DATASET.
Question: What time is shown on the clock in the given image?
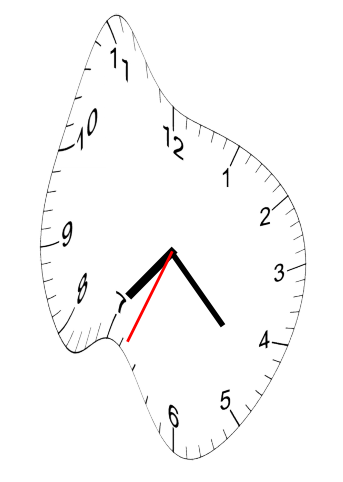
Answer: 07:22:34
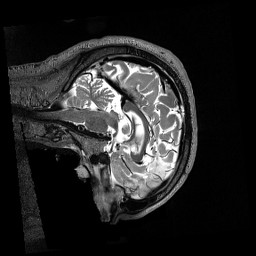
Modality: T2w
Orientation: sagittal
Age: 71
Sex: male
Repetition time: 3.2 s
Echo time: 0.563 s
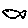
Label: fish
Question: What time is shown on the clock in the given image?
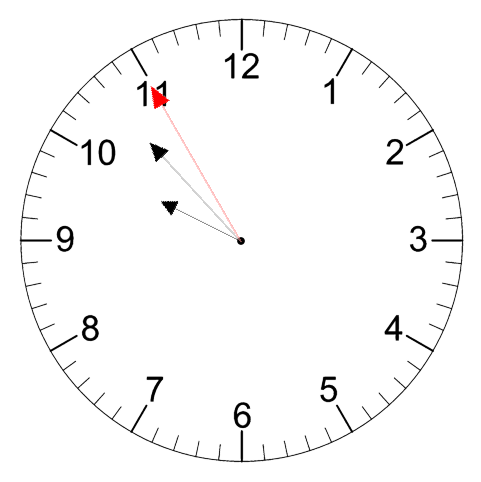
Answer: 09:52:55
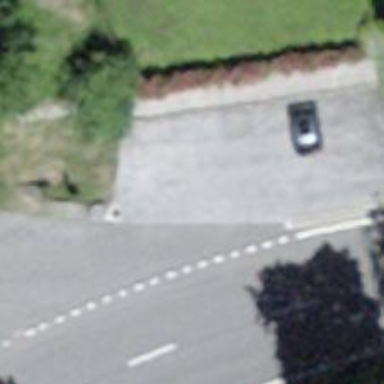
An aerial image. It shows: Bus stop with platform for public transport.
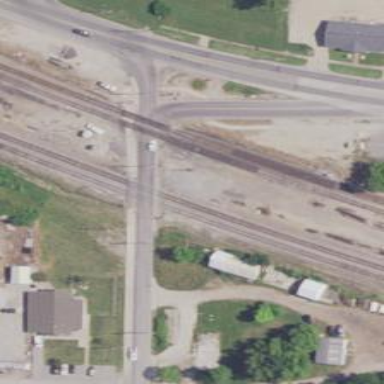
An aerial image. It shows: Level crossing along the railway.
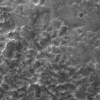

EXERCISE DETAILS. If a line holds a picture, skip the picture and transcribe the rest of the material exactly.

SOLUTION TO THIS TASK.
Question: What time is shown on the clock in the given image?
Answer: 07:22:34
Modality: T2w
Orientation: sagittal
Age: 71
Sex: male
Repetition time: 3.2 s
Echo time: 0.563 s
Label: fish
Question: What time is shown on the clock in the given image?
Answer: 09:52:55
An aerial image. It shows: Bus stop with platform for public transport.
An aerial image. It shows: Level crossing along the railway.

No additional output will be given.